The crucial scene occurs when Jimmy goes over to Chuck’s place to express genuine sympathy (and at this point, he doesn’t even know of Chuck’s ousting from HHM). Instead of bonding, however, they fall into a bitter quarrel about what they always fight over: their irreconcilable differences over how a man ought to conduct himself in life. “You’re just going to keep hurting people. … It’s what you do,” says Chuck, knowing how to hurt Jimmy in his most tender spot, the way brothers always know. Chuck urges Jimmy, with sarcastic bitterness, to recognize his great flaw, and to “accept it, embrace it.” Then Chuck delivers the final blow: “The truth is, you’ve never mattered all that much to me.”

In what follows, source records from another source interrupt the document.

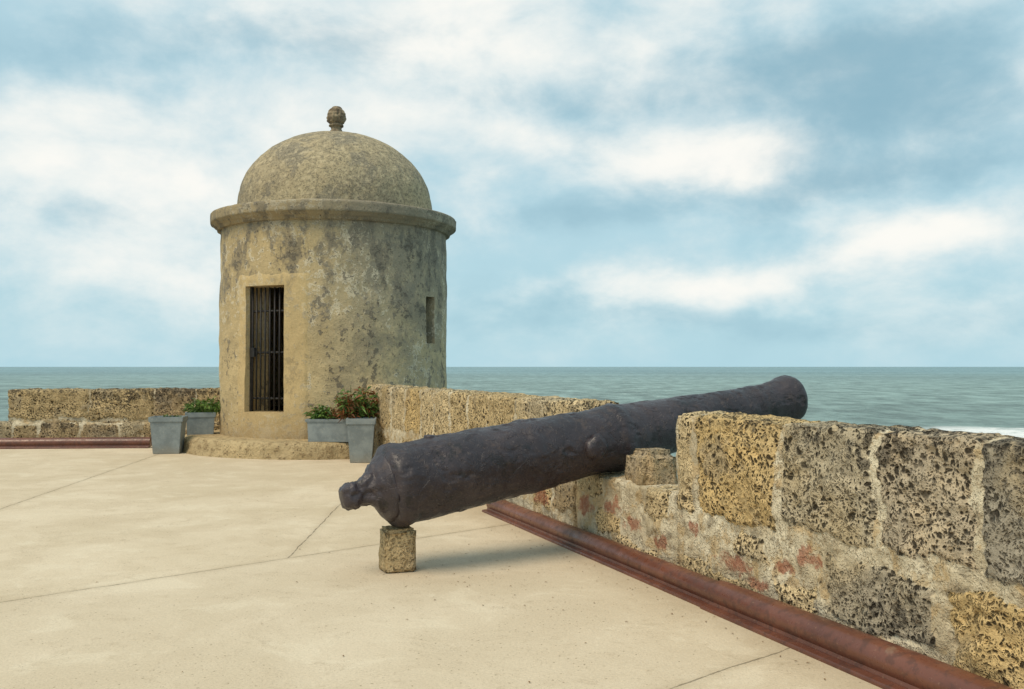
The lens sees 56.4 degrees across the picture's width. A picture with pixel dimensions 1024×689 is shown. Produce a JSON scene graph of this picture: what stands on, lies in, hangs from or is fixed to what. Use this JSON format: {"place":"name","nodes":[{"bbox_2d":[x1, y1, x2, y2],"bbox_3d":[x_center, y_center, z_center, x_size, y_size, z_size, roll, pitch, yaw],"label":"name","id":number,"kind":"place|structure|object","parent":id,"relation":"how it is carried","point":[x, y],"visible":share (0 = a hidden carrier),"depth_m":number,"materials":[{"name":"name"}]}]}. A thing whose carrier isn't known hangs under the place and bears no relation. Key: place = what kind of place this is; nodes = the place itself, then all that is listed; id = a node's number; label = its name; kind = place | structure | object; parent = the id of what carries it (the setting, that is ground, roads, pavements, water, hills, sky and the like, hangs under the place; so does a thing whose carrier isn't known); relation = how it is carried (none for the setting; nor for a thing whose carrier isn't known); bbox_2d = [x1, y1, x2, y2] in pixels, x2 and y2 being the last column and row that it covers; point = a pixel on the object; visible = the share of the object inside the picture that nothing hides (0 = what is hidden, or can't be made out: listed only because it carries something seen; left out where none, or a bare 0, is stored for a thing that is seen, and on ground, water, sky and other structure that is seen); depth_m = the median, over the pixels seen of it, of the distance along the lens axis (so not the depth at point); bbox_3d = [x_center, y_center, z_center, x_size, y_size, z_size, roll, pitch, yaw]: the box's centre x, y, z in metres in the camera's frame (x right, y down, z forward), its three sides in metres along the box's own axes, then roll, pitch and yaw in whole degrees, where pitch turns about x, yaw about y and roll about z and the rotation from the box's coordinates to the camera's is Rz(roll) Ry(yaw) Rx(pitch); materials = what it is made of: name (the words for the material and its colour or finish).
{"place":"outdoors","nodes":[
{"label":"outdoors","id":0,"kind":"place"},
{"bbox_2d":[0,446,881,688],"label":"ground","id":1,"kind":"structure","parent":0,"point":[133,568],"depth_m":6.54,"materials":[{"name":"concrete"}]},
{"bbox_2d":[0,437,151,448],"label":"steel pipe rail","id":2,"kind":"object","parent":1,"relation":"on","point":[77,443],"visible":0.99,"depth_m":18.73,"materials":[{"name":"brown metal"}]},
{"bbox_2d":[0,387,219,437],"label":"parapet wall","id":3,"kind":"structure","parent":1,"relation":"on","point":[67,412],"depth_m":19.60,"materials":[{"name":"beige stone"}]},
{"bbox_2d":[148,416,187,453],"bbox_3d":[-6.370,1.672,17.716,0.614,0.680,0.529,0,-1,-9],"label":"planter","id":4,"kind":"object","parent":1,"relation":"on","point":[167,434],"visible":1,"depth_m":17.50,"materials":[{"name":"concrete"}]},
{"bbox_2d":[163,414,181,416],"bbox_3d":[-6.309,1.384,17.756,0.396,0.193,0.358,0,-1,0],"label":"plant","id":5,"kind":"object","parent":4,"relation":"in","point":[164,415],"visible":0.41,"depth_m":17.86,"materials":[{"name":"green plant"}]},
{"bbox_2d":[185,412,215,435],"bbox_3d":[-6.050,1.671,18.566,0.572,0.720,0.476,0,-1,-17],"label":"planter","id":6,"kind":"object","parent":1,"relation":"on","point":[200,423],"visible":0.63,"depth_m":18.36,"materials":[{"name":"concrete"}]},
{"bbox_2d":[181,396,220,414],"bbox_3d":[-5.964,1.216,18.581,0.889,0.458,0.640,0,-1,0],"label":"plant","id":7,"kind":"object","parent":6,"relation":"in","point":[211,406],"visible":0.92,"depth_m":18.48,"materials":[{"name":"green plant"}]},
{"bbox_2d":[183,106,455,459],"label":"watchtower","id":8,"kind":"structure","parent":1,"relation":"on","point":[333,264],"depth_m":17.59,"materials":[{"name":"weathered plaster"},{"name":"stone"},{"name":"black iron"}]},
{"bbox_2d":[249,287,283,410],"bbox_3d":[-4.471,0.082,17.510,0.842,2.290,0.115,-1,-1,25],"label":"door","id":9,"kind":"structure","parent":8,"relation":"in","point":[253,351],"depth_m":17.53,"materials":[{"name":"black metal"}]},
{"bbox_2d":[305,418,347,441],"bbox_3d":[-3.180,1.499,16.750,0.831,0.400,0.375,0,-1,0],"label":"planter","id":10,"kind":"object","parent":8,"relation":"on","point":[326,430],"visible":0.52,"depth_m":16.59,"materials":[{"name":"concrete"}]},
{"bbox_2d":[302,404,343,418],"bbox_3d":[-3.292,1.251,16.764,0.798,0.417,0.511,0,-1,0],"label":"plant","id":11,"kind":"object","parent":10,"relation":"in","point":[323,413],"visible":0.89,"depth_m":16.70,"materials":[{"name":"green plant"}]},
{"bbox_2d":[346,417,376,462],"bbox_3d":[-2.530,1.603,16.067,0.498,0.740,0.466,0,-1,-6],"label":"planter","id":12,"kind":"object","parent":1,"relation":"on","point":[361,434],"visible":0.92,"depth_m":15.88,"materials":[{"name":"concrete"}]},
{"bbox_2d":[331,385,379,422],"bbox_3d":[-2.638,1.040,16.416,0.919,0.694,0.750,0,-1,0],"label":"plant","id":13,"kind":"object","parent":12,"relation":"in","point":[359,406],"visible":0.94,"depth_m":16.27,"materials":[{"name":"green plant"}]},
{"bbox_2d":[378,525,415,572],"bbox_3d":[-0.904,1.611,7.526,0.264,0.358,0.240,1,-1,-21],"label":"support stone","id":14,"kind":"object","parent":1,"relation":"on","point":[397,551],"visible":0.98,"depth_m":7.43,"materials":[{"name":"beige stone"}]},
{"bbox_2d":[338,375,807,526],"bbox_3d":[0.769,0.865,8.445,4.759,1.171,0.700,1,-2,-28],"label":"cannon","id":15,"kind":"object","parent":14,"relation":"on","point":[424,478],"visible":0.84,"depth_m":7.80,"materials":[{"name":"metal"}]},
{"bbox_2d":[482,500,716,606],"bbox_3d":[0.582,1.716,8.454,0.231,0.162,4.564,1,-1,-21],"label":"steel pipe rail","id":16,"kind":"object","parent":1,"relation":"on","point":[685,584],"visible":0.98,"depth_m":7.70,"materials":[{"name":"brown metal"}]},
{"bbox_2d":[366,384,1023,688],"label":"parapet wall","id":17,"kind":"structure","parent":1,"relation":"on","point":[910,537],"depth_m":5.49,"materials":[{"name":"beige stone"}]},
{"bbox_2d":[625,448,677,485],"bbox_3d":[1.155,1.049,7.939,0.374,0.372,0.420,0,-1,-20],"label":"support stone","id":18,"kind":"object","parent":17,"relation":"on","point":[650,466],"visible":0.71,"depth_m":7.78,"materials":[{"name":"beige stone"}]},
{"bbox_2d":[700,580,1013,688],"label":"steel pipe rail","id":19,"kind":"object","parent":1,"relation":"on","point":[876,661],"visible":1,"depth_m":5.16,"materials":[{"name":"brown metal"}]},
{"bbox_2d":[0,367,1023,479],"bbox_3d":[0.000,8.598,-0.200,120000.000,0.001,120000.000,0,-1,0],"label":"sea","id":20,"kind":"structure","parent":0,"point":[979,399],"depth_m":461.62,"materials":[{"name":"liquid"}]},
{"bbox_2d":[0,0,1023,366],"label":"sky","id":21,"kind":"structure","parent":0,"point":[623,183],"materials":[{"name":"blue"}]}
]}

It’s a devastating moment for both of them, and for us as viewers who are heavily involved in these men’s emotional lives. Among its best achievements is the fact that Better Call Saul tells us more about the inner lives of buttoned-up, stoic, ordinary men than nearly any other show on television right now. Chuck’s cruel dismissal of Jimmy sends them both into tailspins. Jimmy gives up the office he’d been running with Kim — poor Kim, in her arm cast and her depressed runs to Blockbuster for comfort movies! In shutting down the office, you feel that Jimmy is also shutting down one of the last vestiges of his lifelong attempt to be a solid citizen, an honest man to be admired. It’s just too hard; it’s not in the cards for Jimmy.

Chuck, meanwhile, is giving in to his own form of despair. With no job, no outward mantle of respectability, he’s a broken, lonely man. He succumbs to the disease he’s been so valiantly fighting. In an effort to alleviate the pain he suffers from his electromagnetic hypersensitivity, he starts rooting around his house for any stray electrical source. Unable to find every last one, he becomes obsessed, delirious, and begins cracking the plaster walls and prying away flooring and tiles — it was a feverish scene that recalled Gene Hackman’s breakdown in The Conversation.

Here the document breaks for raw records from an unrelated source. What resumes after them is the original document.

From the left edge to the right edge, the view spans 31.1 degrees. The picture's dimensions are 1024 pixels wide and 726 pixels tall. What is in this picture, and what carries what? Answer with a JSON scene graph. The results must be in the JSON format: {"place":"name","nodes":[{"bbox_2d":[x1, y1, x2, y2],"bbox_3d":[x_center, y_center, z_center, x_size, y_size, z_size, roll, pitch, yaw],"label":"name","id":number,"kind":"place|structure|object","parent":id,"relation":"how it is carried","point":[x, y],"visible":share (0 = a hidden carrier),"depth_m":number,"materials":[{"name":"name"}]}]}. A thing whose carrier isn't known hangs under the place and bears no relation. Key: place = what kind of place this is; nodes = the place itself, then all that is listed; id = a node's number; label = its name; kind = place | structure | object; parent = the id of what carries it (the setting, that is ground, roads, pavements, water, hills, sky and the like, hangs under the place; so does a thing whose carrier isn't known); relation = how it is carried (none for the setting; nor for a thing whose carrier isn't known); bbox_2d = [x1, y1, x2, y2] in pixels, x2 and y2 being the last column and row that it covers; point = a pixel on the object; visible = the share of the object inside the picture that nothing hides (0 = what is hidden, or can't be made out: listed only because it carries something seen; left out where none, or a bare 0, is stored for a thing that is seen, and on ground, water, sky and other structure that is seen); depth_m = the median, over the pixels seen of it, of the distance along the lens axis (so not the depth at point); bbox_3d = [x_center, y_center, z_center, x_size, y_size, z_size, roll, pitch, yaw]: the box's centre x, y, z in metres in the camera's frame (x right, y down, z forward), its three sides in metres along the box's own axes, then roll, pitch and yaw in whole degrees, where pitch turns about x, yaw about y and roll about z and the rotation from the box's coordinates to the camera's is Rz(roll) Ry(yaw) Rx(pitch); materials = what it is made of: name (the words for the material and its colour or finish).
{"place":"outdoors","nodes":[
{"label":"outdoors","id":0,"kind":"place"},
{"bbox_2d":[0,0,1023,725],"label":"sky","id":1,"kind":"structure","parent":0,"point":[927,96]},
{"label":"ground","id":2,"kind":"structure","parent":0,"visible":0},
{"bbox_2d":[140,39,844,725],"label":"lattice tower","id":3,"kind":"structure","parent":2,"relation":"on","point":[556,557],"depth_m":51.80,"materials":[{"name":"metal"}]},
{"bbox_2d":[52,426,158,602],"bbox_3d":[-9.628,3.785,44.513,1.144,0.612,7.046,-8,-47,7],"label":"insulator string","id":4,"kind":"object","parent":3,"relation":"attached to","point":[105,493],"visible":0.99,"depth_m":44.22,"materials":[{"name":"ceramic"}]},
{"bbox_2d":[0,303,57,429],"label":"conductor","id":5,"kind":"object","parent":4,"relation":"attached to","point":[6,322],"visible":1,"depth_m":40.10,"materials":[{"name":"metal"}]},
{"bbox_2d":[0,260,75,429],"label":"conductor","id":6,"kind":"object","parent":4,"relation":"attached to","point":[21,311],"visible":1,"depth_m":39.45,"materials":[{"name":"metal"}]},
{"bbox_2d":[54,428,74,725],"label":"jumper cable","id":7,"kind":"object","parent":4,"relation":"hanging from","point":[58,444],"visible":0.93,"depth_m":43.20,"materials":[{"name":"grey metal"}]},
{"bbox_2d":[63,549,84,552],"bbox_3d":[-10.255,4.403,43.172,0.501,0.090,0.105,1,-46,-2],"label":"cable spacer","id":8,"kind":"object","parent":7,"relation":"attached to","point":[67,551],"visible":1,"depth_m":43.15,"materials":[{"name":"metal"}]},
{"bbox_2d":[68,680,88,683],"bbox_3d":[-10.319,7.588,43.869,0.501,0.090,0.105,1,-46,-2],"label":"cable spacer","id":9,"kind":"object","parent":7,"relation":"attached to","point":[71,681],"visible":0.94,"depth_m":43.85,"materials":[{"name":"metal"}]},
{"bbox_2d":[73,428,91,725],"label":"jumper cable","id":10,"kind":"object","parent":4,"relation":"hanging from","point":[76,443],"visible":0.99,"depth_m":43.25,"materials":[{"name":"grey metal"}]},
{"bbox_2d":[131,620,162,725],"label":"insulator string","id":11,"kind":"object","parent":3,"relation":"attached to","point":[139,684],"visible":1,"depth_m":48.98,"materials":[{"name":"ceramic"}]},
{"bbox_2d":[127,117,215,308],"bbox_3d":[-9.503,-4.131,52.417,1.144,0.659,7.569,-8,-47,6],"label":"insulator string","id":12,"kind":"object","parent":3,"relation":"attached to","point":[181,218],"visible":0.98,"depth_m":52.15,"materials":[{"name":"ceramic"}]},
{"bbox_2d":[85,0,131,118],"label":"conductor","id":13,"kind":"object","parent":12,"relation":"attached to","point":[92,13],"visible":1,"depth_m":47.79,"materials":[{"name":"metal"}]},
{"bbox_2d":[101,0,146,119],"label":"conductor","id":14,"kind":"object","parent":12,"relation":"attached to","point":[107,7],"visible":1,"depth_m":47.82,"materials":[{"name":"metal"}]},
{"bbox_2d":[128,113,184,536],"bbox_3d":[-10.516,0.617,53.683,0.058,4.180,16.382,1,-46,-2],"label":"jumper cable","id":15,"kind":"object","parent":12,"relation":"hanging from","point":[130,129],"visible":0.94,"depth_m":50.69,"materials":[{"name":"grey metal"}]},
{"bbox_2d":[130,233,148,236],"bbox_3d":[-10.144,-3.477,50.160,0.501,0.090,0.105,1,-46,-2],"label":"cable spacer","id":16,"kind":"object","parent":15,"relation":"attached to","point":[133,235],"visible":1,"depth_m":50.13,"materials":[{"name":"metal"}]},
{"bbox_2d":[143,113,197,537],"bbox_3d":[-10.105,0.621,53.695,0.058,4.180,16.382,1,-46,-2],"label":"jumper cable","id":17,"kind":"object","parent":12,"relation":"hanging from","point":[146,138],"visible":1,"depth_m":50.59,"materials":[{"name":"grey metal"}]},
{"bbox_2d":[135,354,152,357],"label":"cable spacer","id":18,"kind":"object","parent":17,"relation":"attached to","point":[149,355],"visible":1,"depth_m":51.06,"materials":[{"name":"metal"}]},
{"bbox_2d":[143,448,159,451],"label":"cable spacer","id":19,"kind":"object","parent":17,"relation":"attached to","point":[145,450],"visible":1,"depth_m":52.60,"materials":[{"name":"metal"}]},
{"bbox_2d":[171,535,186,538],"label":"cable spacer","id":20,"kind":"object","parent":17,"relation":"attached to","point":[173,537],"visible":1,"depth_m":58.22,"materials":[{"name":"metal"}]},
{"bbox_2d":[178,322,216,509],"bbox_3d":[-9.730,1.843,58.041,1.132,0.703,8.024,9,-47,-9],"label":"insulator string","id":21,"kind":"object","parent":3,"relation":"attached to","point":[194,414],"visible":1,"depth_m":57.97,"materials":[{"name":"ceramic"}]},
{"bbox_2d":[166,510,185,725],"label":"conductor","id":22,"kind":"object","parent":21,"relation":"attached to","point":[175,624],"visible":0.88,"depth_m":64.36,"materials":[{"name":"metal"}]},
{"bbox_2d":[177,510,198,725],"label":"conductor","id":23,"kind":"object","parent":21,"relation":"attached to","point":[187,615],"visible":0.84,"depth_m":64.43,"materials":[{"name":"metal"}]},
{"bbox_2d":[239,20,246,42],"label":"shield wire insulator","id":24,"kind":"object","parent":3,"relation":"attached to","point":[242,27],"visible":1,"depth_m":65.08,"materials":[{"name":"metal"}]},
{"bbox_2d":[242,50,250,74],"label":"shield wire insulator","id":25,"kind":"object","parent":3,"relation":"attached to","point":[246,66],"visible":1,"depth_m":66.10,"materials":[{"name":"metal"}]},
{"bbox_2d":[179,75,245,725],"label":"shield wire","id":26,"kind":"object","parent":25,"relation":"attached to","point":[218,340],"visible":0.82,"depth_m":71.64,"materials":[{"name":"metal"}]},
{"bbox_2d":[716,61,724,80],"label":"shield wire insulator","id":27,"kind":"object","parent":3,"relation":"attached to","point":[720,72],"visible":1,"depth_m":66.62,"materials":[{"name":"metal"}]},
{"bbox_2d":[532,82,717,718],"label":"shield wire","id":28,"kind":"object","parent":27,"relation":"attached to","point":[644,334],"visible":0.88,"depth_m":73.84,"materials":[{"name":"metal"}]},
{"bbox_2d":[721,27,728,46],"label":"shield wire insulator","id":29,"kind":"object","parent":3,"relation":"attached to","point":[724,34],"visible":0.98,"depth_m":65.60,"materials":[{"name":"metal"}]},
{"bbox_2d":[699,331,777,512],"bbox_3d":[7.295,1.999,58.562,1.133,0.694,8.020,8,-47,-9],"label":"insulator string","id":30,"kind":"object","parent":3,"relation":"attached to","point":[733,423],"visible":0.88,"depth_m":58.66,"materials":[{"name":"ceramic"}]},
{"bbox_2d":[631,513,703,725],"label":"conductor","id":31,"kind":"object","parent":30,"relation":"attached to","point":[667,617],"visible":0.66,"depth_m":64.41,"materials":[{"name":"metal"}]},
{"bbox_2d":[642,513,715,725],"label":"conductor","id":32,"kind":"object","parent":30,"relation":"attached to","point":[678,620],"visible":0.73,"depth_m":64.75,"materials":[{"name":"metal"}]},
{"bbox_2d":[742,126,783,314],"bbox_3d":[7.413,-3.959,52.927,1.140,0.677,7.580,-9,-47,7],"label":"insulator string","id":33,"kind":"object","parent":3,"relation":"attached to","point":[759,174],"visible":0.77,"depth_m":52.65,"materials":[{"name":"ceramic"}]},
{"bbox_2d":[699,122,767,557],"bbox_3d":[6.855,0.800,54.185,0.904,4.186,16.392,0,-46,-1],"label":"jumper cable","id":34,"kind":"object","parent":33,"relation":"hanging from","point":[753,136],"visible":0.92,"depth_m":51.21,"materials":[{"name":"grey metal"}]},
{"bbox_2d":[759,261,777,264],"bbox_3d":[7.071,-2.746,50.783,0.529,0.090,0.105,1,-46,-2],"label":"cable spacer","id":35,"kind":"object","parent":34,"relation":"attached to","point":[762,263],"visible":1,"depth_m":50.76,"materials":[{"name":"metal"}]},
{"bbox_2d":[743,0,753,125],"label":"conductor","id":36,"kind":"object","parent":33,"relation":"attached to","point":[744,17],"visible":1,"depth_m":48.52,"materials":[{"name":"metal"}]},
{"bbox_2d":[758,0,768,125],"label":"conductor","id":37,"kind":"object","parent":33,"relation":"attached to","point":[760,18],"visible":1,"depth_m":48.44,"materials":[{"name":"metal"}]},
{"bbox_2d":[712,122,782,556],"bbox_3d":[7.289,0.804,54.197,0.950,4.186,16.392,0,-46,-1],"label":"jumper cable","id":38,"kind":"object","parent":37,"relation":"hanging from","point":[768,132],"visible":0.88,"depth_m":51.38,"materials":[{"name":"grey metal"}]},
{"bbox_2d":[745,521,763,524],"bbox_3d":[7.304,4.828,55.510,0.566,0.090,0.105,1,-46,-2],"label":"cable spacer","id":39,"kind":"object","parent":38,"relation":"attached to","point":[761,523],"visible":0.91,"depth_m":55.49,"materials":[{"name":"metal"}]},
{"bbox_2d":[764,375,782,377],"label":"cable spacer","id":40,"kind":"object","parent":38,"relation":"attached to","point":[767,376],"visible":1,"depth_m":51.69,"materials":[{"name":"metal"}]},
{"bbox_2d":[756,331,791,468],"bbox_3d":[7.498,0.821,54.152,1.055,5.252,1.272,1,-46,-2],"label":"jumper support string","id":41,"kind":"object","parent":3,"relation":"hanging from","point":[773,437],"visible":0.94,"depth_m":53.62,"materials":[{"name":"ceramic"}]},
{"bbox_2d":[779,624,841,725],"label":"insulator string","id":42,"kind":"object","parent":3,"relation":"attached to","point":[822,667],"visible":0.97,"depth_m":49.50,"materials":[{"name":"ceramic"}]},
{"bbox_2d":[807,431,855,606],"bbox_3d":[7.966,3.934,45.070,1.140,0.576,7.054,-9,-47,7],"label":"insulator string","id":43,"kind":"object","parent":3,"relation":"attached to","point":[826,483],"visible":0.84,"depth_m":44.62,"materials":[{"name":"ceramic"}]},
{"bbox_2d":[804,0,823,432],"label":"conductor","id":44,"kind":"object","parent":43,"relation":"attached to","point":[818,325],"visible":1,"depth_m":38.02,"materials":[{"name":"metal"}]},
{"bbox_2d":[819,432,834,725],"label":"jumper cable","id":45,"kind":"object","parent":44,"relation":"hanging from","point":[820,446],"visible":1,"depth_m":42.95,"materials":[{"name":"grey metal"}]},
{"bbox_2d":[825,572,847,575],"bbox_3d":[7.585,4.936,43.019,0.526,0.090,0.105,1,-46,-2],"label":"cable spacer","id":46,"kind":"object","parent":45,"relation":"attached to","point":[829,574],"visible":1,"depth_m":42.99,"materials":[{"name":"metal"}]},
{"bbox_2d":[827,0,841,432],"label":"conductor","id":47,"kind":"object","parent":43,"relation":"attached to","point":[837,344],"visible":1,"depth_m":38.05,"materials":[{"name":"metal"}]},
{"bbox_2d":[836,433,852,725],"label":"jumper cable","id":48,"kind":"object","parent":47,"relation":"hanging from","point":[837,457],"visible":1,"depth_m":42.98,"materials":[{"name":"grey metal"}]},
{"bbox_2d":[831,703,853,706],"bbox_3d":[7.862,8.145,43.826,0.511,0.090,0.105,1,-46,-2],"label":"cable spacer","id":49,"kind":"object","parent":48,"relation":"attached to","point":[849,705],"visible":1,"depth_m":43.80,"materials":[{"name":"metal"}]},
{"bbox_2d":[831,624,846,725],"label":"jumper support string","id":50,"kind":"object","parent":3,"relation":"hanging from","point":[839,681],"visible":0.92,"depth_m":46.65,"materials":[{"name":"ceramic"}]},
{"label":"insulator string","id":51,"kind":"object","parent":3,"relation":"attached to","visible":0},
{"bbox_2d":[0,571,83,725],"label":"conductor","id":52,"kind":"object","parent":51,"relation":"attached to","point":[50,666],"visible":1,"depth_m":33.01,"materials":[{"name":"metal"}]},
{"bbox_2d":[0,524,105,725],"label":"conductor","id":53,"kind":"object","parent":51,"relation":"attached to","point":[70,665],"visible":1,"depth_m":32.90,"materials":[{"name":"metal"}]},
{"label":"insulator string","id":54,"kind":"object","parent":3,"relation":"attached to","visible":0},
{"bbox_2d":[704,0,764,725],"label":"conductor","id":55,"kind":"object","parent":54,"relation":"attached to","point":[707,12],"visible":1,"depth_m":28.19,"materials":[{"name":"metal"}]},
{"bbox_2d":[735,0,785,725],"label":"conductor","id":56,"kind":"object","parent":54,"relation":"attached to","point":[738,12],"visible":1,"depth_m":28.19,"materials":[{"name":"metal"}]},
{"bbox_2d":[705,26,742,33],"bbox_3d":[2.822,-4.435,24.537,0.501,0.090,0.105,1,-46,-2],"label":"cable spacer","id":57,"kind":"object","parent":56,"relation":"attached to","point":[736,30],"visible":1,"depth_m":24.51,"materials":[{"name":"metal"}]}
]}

By the end of the hour, Chuck is reduced to a trembling depressive. He intentionally kicks over a kerosene lamp — the “Lantern” of the episode title — and the scene cuts to outside, as we see the house go up in flames.

There were other elements to this episode, most crucially a thriller-movie escapade in which Nacho planned to ambush and murder Hector, only to have Hector collapse before Nacho could enact his plan and — sweet irony — Gus Fring ends up saving Hector’s dreadful life. What about Mike? Mike wasn’t around, but he’ll be back next season in full force.

Chuck, I’m assuming, will not be back next season. It doesn’t seem likely that Better Call Saul would do with Chuck what Homeland did with Peter Quinn — raise him from death to live another highly improbable day. If Chuck’s death is final, let’s appreciate how superb Michael McKean has been in every scene he’s had here. And then, remorselessly, let’s begin looking forward to the ongoing destruction of Jimmy McGill’s soul. Few TV shows have given me as much pleasure this season as Better Call Saul has.